RPG leveling has always been an uncomfortable fit for Destiny, which is a shooter at heart and fundamentally about chasing guns. Without skill trees or stats to pour points into, there’s really no reason, besides padding. to have to hit an arbitrary number before being able to participate in new content. It’s always been a fundamental tension in Destiny, but I don’t think any of the solutions have ever fixed it. And on a more optimistic note, I’m more confident than ever that the fundamentals of the game are strong enough to survive without it.
Zack: More so than ever, this expansion and season I feel the Power grind and I’m excited to hear Bungie isn’t going to raise it again next season.
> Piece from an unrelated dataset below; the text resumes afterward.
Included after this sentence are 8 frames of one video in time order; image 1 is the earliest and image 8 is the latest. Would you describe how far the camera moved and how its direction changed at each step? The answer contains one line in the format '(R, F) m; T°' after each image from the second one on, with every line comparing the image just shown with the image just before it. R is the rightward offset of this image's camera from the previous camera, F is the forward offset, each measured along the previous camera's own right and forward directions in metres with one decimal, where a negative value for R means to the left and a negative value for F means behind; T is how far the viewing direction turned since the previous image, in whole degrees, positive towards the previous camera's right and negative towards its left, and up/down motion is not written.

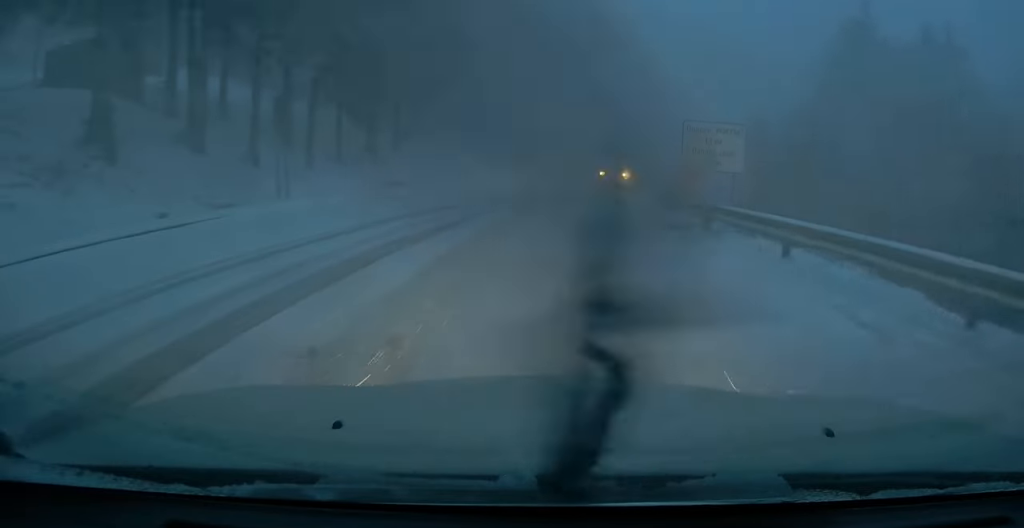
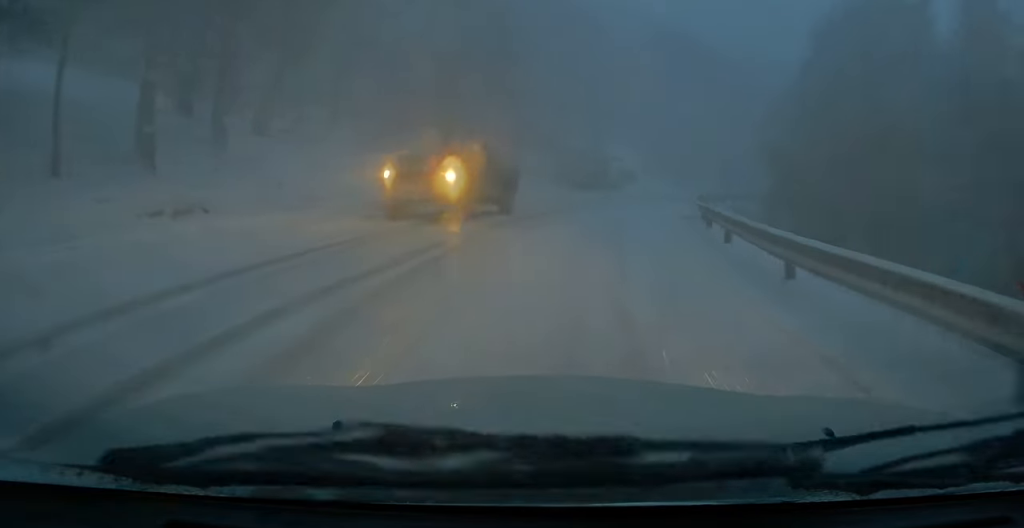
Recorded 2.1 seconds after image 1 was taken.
(+1.0, +14.1) m; +6°
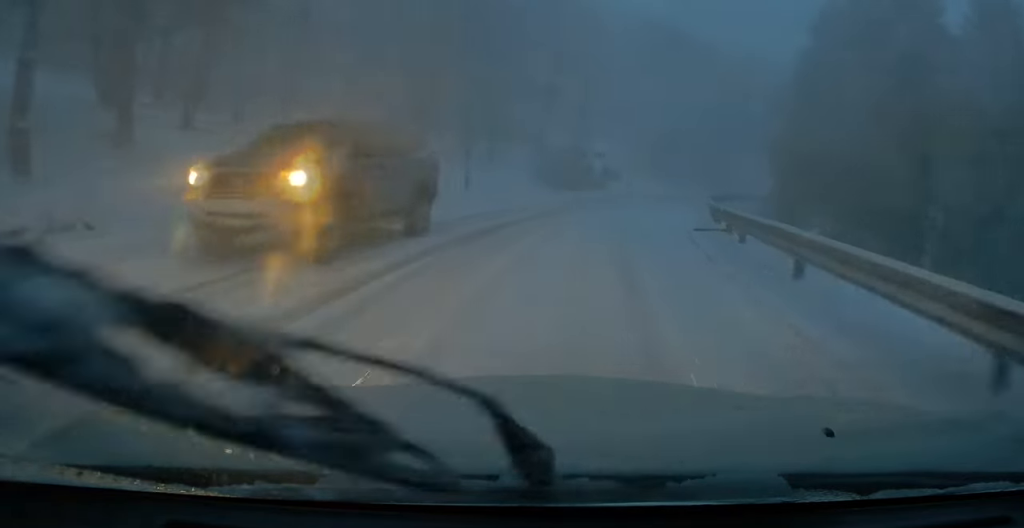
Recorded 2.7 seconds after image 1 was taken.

It feels like the beginning of fully removing it completely. The game can live on without it.
Reading back through this chat, I worry I sound super down on Destiny 2. But I’m still ready for the rest of the year and I’m excited to play more. I think, for me, this expansion just reminded me of how damn good Witch Queen was. It was always going to be hard to compete with that.
Ethan: Lightfall is definitely a slow burn. I can’t recommend it to people who aren’t already invested in the game in some way, unlike The Witch Queen, which was arguably the best shooter campaign of 2022.
But I think, or at least I’m hopeful, that it will bear more fruit over the long run. Season of Defiance is already off to a really strong start compared to other expansion-adjacent seasons, quality of life is improving, a lot of the currencies and grinding is getting streamlined, and there’s room to tie up a lot of interesting loose ends before The Final Shape.
Zack: Agreed. The future is still bright for Destiny 2. We just have to get there.